Exact copies of the lines from the one holding "Magnetic field strength: 3 T" through the last line of the entries below are to be printed, with pictures omitted.

++++ Data for this exercise ++++

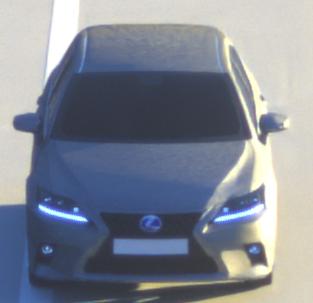
Make: Lexus
Model: CT 200h
Detailed model: CT (A10)
Model produced from: 2014/03
Model produced until: 2017/10
Doors: 5
Color: gray
Road condition: dry road
Daytime: sunrise or sunset
Contrast: medium contrast
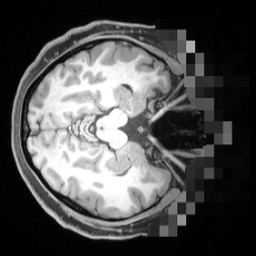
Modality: T1w
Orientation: axial
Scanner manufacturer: siemens
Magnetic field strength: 3 T
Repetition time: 2.55 s
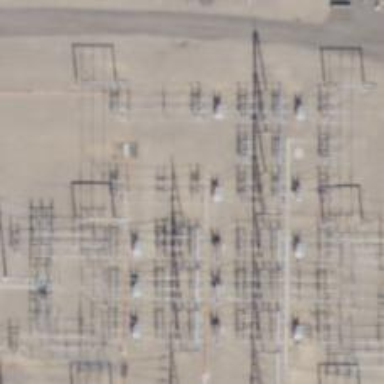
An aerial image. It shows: Switch used for power control.
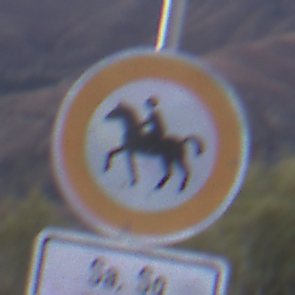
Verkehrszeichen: VerbotReiter
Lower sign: ZeitangabenMitBeschraenkungAufWochentage9
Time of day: Dusk
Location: Outdoor (Nature)
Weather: Clear
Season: NotSpecified
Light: Natural

++++

▶ **Solution**
Magnetic field strength: 3 T
Repetition time: 2.55 s
An aerial image. It shows: Switch used for power control.
Verkehrszeichen: VerbotReiter
Lower sign: ZeitangabenMitBeschraenkungAufWochentage9
Time of day: Dusk
Location: Outdoor (Nature)
Weather: Clear
Season: NotSpecified
Light: Natural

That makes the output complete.